- HOW TO COMPLETE THIS TASK
Since the pictures are not wanted, copy only the text of every record exactly.

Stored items
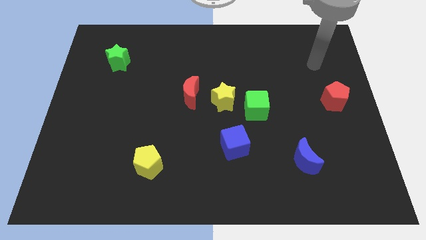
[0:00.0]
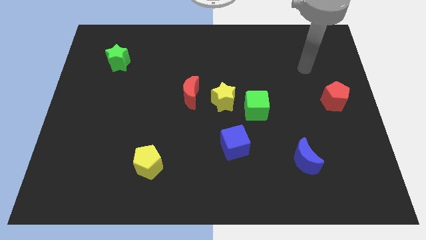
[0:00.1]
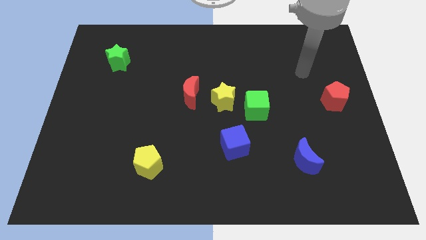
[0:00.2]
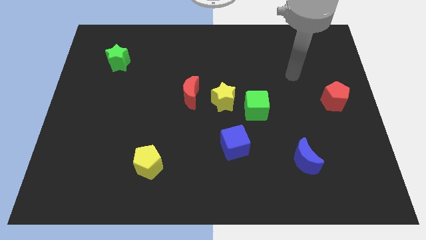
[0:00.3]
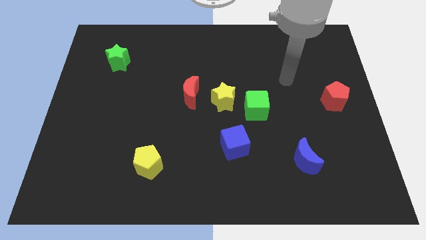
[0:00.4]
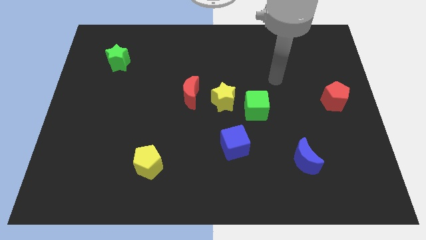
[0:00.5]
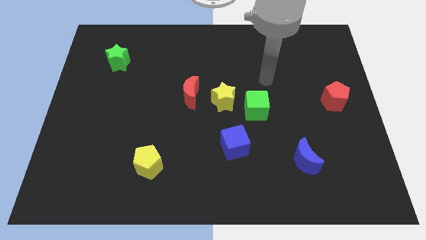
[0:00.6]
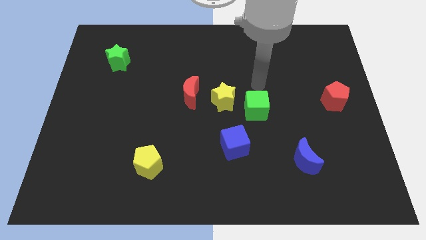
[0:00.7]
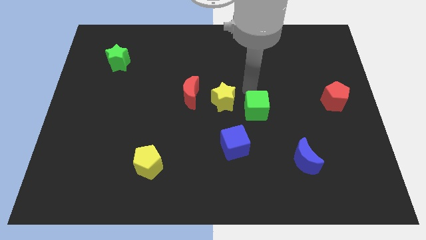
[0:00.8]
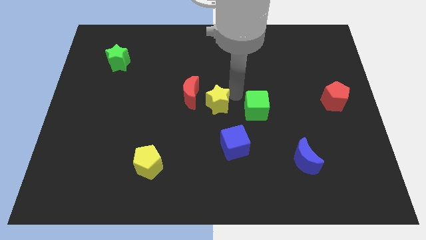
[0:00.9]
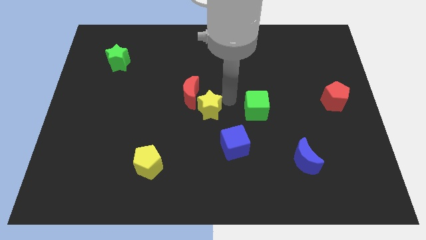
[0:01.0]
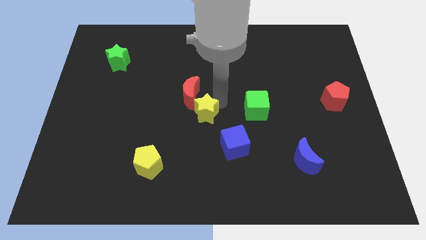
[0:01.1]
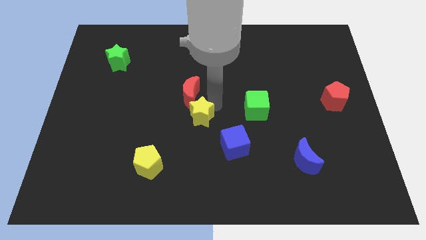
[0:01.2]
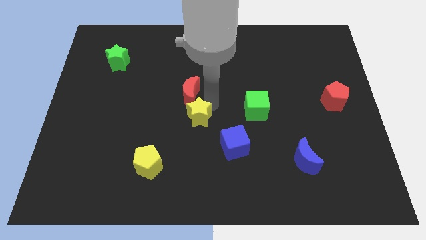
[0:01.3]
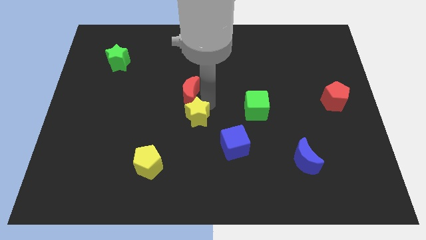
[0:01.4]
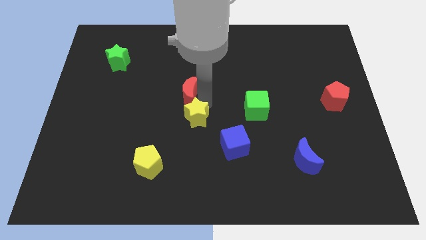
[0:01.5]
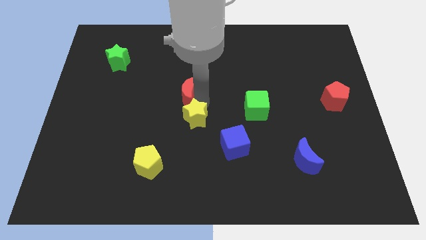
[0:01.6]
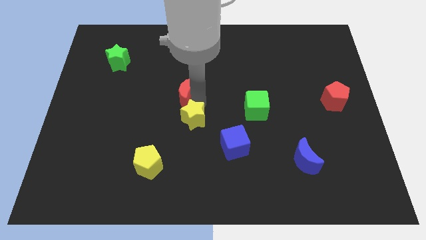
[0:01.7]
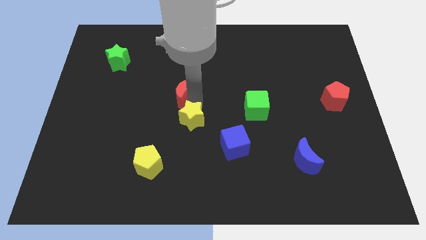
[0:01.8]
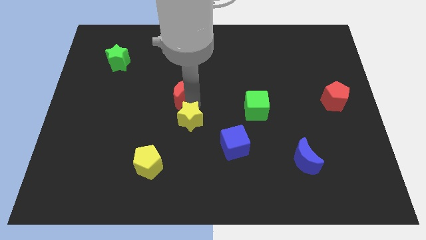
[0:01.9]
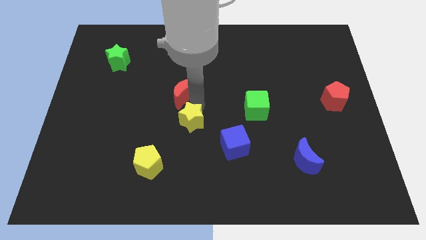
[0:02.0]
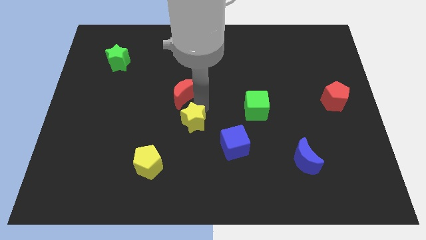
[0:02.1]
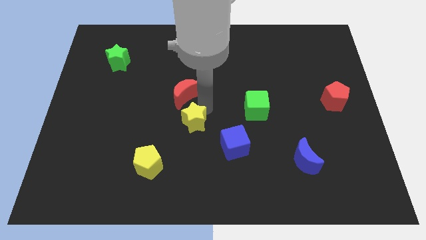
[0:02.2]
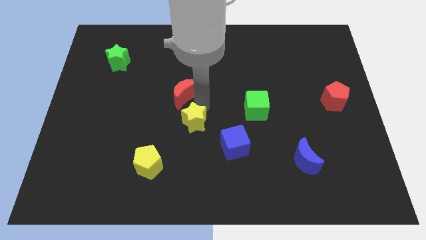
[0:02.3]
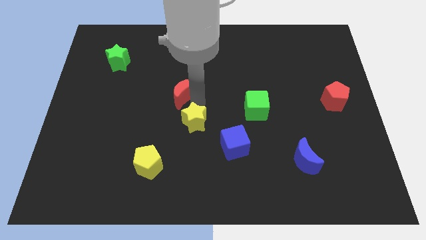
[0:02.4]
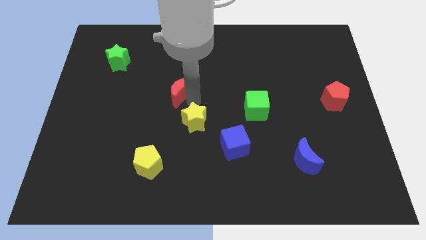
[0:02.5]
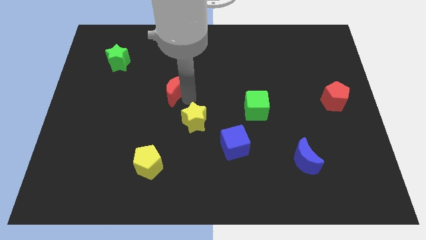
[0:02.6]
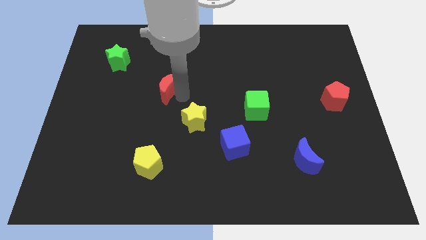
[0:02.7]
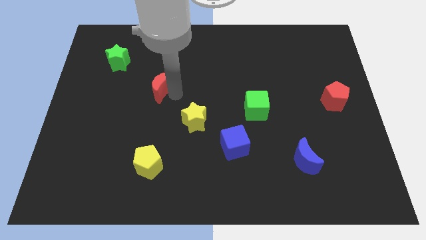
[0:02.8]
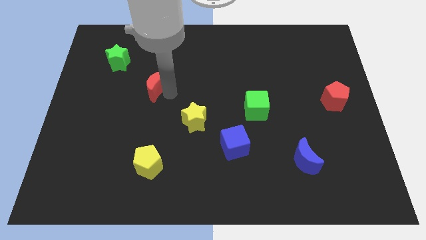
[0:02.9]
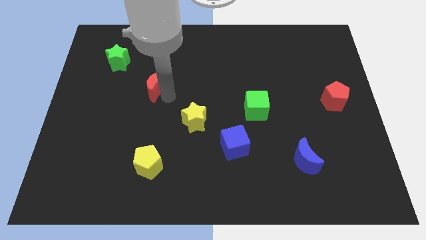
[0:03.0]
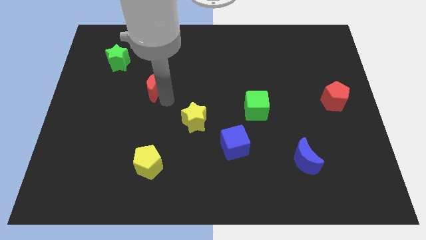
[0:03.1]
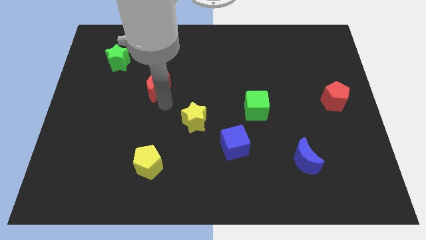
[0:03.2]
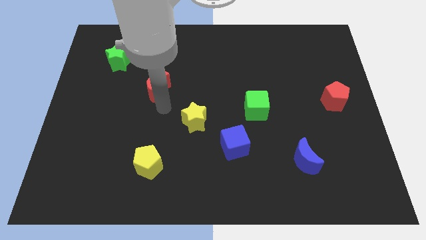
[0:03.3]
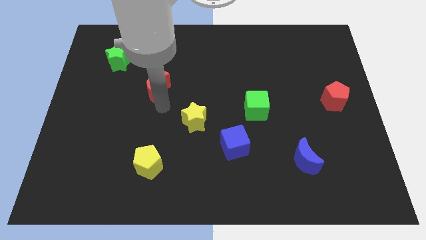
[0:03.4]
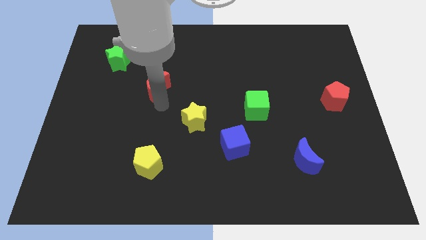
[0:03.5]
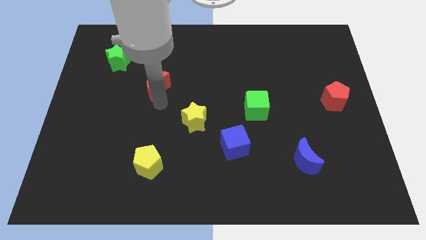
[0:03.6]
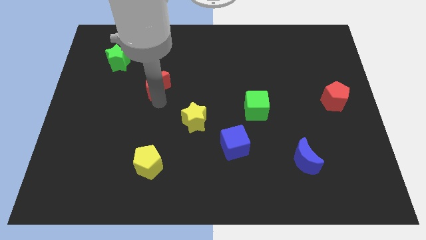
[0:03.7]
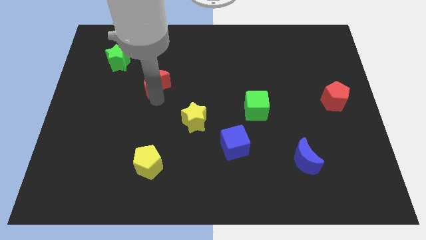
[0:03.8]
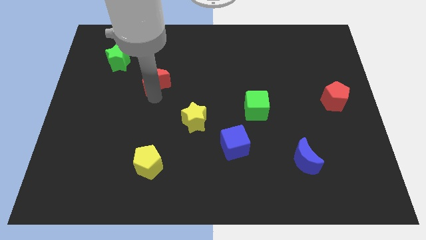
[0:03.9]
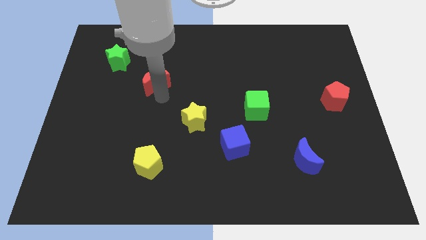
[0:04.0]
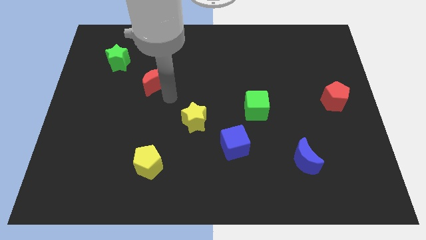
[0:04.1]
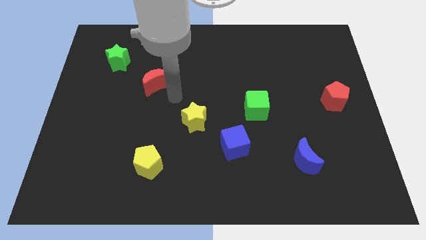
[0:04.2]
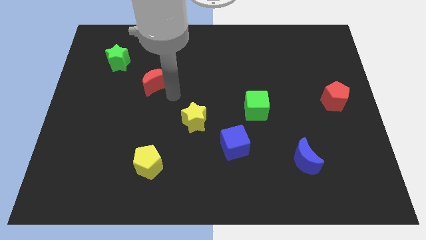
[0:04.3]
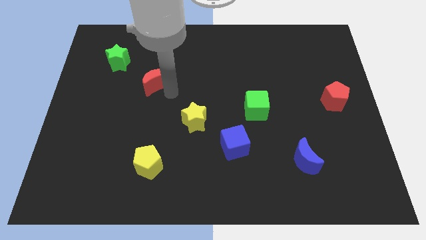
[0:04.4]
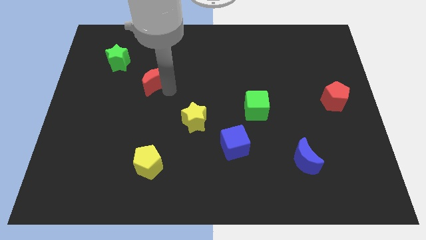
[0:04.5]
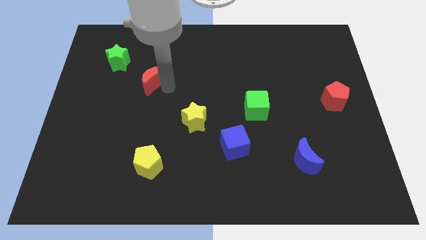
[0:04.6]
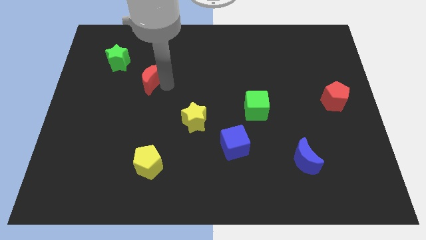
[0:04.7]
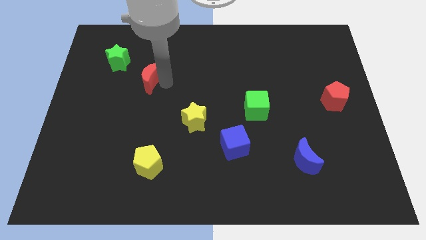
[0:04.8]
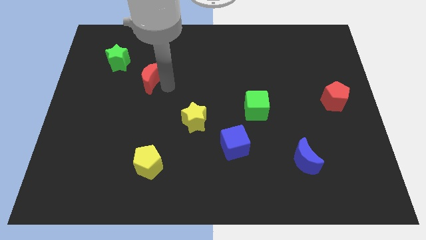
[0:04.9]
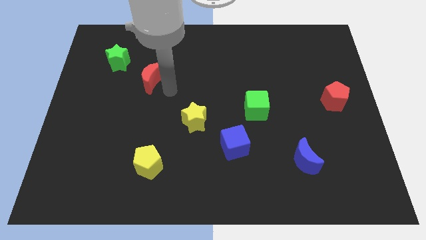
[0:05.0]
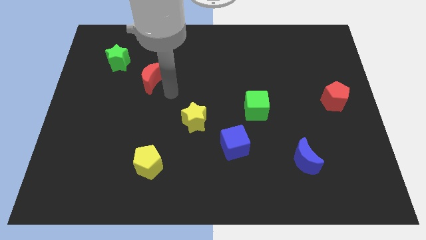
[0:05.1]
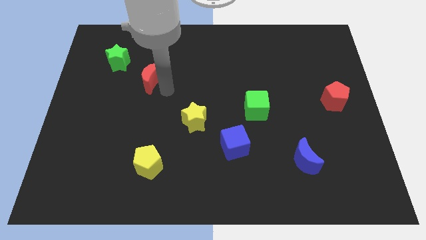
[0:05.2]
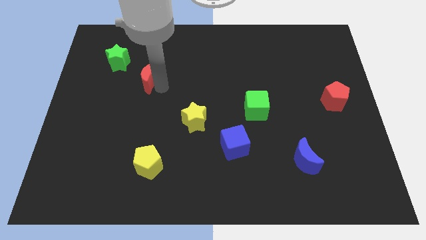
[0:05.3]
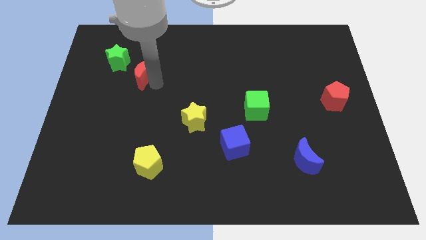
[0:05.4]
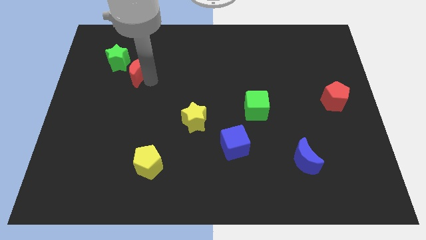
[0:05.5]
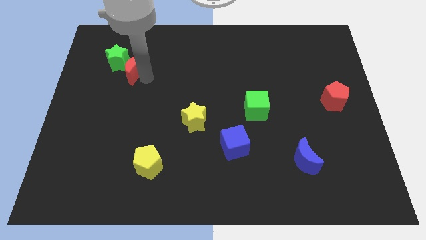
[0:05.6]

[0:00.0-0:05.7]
slide the red moon to the green star

- SOLUTION TO THE PROBLEM
[0:00.0]
[0:00.1]
[0:00.2]
[0:00.3]
[0:00.4]
[0:00.5]
[0:00.6]
[0:00.7]
[0:00.8]
[0:00.9]
[0:01.0]
[0:01.1]
[0:01.2]
[0:01.3]
[0:01.4]
[0:01.5]
[0:01.6]
[0:01.7]
[0:01.8]
[0:01.9]
[0:02.0]
[0:02.1]
[0:02.2]
[0:02.3]
[0:02.4]
[0:02.5]
[0:02.6]
[0:02.7]
[0:02.8]
[0:02.9]
[0:03.0]
[0:03.1]
[0:03.2]
[0:03.3]
[0:03.4]
[0:03.5]
[0:03.6]
[0:03.7]
[0:03.8]
[0:03.9]
[0:04.0]
[0:04.1]
[0:04.2]
[0:04.3]
[0:04.4]
[0:04.5]
[0:04.6]
[0:04.7]
[0:04.8]
[0:04.9]
[0:05.0]
[0:05.1]
[0:05.2]
[0:05.3]
[0:05.4]
[0:05.5]
[0:05.6]

[0:00.0-0:05.7]
slide the red moon to the green star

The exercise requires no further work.